> **What you need to do**
Starting at the line that contains "ཕུལ༑ ང་ལྟ་ཡོངས", return every line down to the end of the records below, exactly as written.

> **Extracted data**
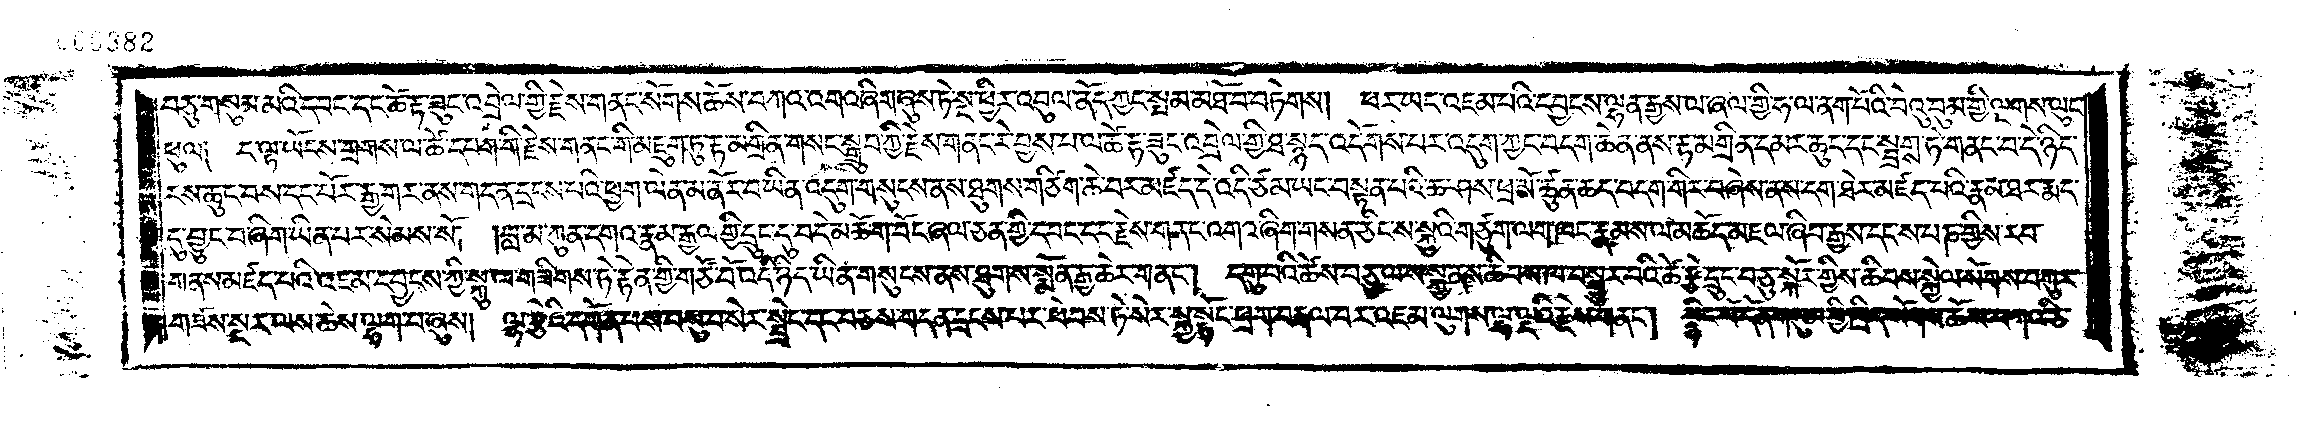བཅུ་གསུམ་མའི་དབང་དང་ཚེ་རྟ་ཟུང་འབྲེལ་གྱི་རྗེས་གནང་སོགས་ཆོས་བཀའ་འགའ་ཞིག་ཞུས་ཏེ་སྔ་ཕྱིར་འབུལ་ནོད་ཀྱང་སྤམ་མཐོ་བ་བཏེགས། ཕར་ཡང་འཇམ་པའི་དབྱངས་ལྷན་རྒྱས་ལ་ཞལ་གྱི་ཧ་ལ་ནག་པོའི་བེའུ་བུམ་གྱི་ལྔགས་ལུང་
ཕུལ༑ ང་ལྟ་ཡོངས་གྲགས་ལ་ཚེ་དབག་གི་རྗེས་གནང་གི་མཇུག་ཏུ་རྟ་མགྲིན་གསང་སྒྲུབ་ཀྱི་རྗེས་གནང་རེ་བྱས་པ་ལ་ཙེ་རྟ་ཟུང་འབྲེལ་གྱི་ཐ་སྙད་འདོགས་པར་འདུག་ཀྱང་བདག་ཆེན་ནས་རྟ་མགྲིན་དམར་ཆུང་དང་སྤྲགས་ཏེ་གནང་པ་དེ་ཉིད་
རས་ཆུང་བས་དང་པོར་རྒྱ་གར་ནས་གདན་དྲངས་པའི་ཕྱག་ལེན་མ་ནོར་བ་ཡིན་འདུག་གསུངས་ནས་ཐུགས་གཙིག་ཆེ་བར་མཛད་དེ་འདི་ཙམ་ཡང་བསྟན་པའི་ཆ་ཤས་ཕྲ་མོ་ཚུན་ཆད་བདག་གིར་བཞེས་ནས་དག་ཐེར་མཛད་པའི་རྣམ་ཐར་རྨད་
དུ་བྱུང་བ་ཞིག་ཡིན་པར་སེམས་སོ། །བླ་མ་ཀུན་དགའ་རྣམ་རྒྱལ་གྱི་དྲུང་དུ་བདེ་མཆོག་བོང་ཞལ་ཅན་གྱི་དབང་དང་རྗེས་གནང་འགའ་ཞིག་གསན་ཅིངས་སྐྱའི་གཙུག་ལག་ཁང་རྣམས་ལ་མཆོད་མཇལ་ཞིབ་རྒྱས་དང་ས་པཎ་གྱིས་རབ་
གནས་མཛད་པའི་འཇམ་དབྱངས་ཀྱི་སྐུ་ལ་གཟིགས་ཏེ་རྟེན་གྱི་གཙོ་བོ་འདི་ཉིད་ཡིན་གསུངས་ནས་ཐུགས་སྨོན་རྒྱ་ཆེར་གནང་། དགུ་པའི་ཚེས་བཅུ་ལས་སྐྱ་ནས་ཆིབས་ཁ་བསྒྱུར་བའི་ཚེ་རྩེ་དྲུང་བཅུ་སྐོར་གྱིས་ཆིབས་སྐྱེལ་སོགས་བཀུར་
གཟོས་སྔར་ལས་ཆེས་ལྷག་བ་ཞུས། ལྷ་རྩེའི་དགོན་པས་བསུ་བ་སེར་སྦྲེང་དང་བཅས་གདན་དྲངས་པར་ཕེབས་ཏེ་སེར་སྐྱ་སྟོང་ཕྲག་བརྒལ་བར་འཇམ་ལུགས་ལྷ་ལྔའི་རྗེས་གནང་། སྙིང་པོ་དོན་གསུམ་གྱི་ཁྲིད་སོགས་ཆོས་བཀའ་ཅི་

> **Output for this task**
ཕུལ༑ ང་ལྟ་ཡོངས་གྲགས་ལ་ཚེ་དབག་གི་རྗེས་གནང་གི་མཇུག་ཏུ་རྟ་མགྲིན་གསང་སྒྲུབ་ཀྱི་རྗེས་གནང་རེ་བྱས་པ་ལ་ཙེ་རྟ་ཟུང་འབྲེལ་གྱི་ཐ་སྙད་འདོགས་པར་འདུག་ཀྱང་བདག་ཆེན་ནས་རྟ་མགྲིན་དམར་ཆུང་དང་སྤྲགས་ཏེ་གནང་པ་དེ་ཉིད་
རས་ཆུང་བས་དང་པོར་རྒྱ་གར་ནས་གདན་དྲངས་པའི་ཕྱག་ལེན་མ་ནོར་བ་ཡིན་འདུག་གསུངས་ནས་ཐུགས་གཙིག་ཆེ་བར་མཛད་དེ་འདི་ཙམ་ཡང་བསྟན་པའི་ཆ་ཤས་ཕྲ་མོ་ཚུན་ཆད་བདག་གིར་བཞེས་ནས་དག་ཐེར་མཛད་པའི་རྣམ་ཐར་རྨད་
དུ་བྱུང་བ་ཞིག་ཡིན་པར་སེམས་སོ། །བླ་མ་ཀུན་དགའ་རྣམ་རྒྱལ་གྱི་དྲུང་དུ་བདེ་མཆོག་བོང་ཞལ་ཅན་གྱི་དབང་དང་རྗེས་གནང་འགའ་ཞིག་གསན་ཅིངས་སྐྱའི་གཙུག་ལག་ཁང་རྣམས་ལ་མཆོད་མཇལ་ཞིབ་རྒྱས་དང་ས་པཎ་གྱིས་རབ་
གནས་མཛད་པའི་འཇམ་དབྱངས་ཀྱི་སྐུ་ལ་གཟིགས་ཏེ་རྟེན་གྱི་གཙོ་བོ་འདི་ཉིད་ཡིན་གསུངས་ནས་ཐུགས་སྨོན་རྒྱ་ཆེར་གནང་། དགུ་པའི་ཚེས་བཅུ་ལས་སྐྱ་ནས་ཆིབས་ཁ་བསྒྱུར་བའི་ཚེ་རྩེ་དྲུང་བཅུ་སྐོར་གྱིས་ཆིབས་སྐྱེལ་སོགས་བཀུར་
གཟོས་སྔར་ལས་ཆེས་ལྷག་བ་ཞུས། ལྷ་རྩེའི་དགོན་པས་བསུ་བ་སེར་སྦྲེང་དང་བཅས་གདན་དྲངས་པར་ཕེབས་ཏེ་སེར་སྐྱ་སྟོང་ཕྲག་བརྒལ་བར་འཇམ་ལུགས་ལྷ་ལྔའི་རྗེས་གནང་། སྙིང་པོ་དོན་གསུམ་གྱི་ཁྲིད་སོགས་ཆོས་བཀའ་ཅི་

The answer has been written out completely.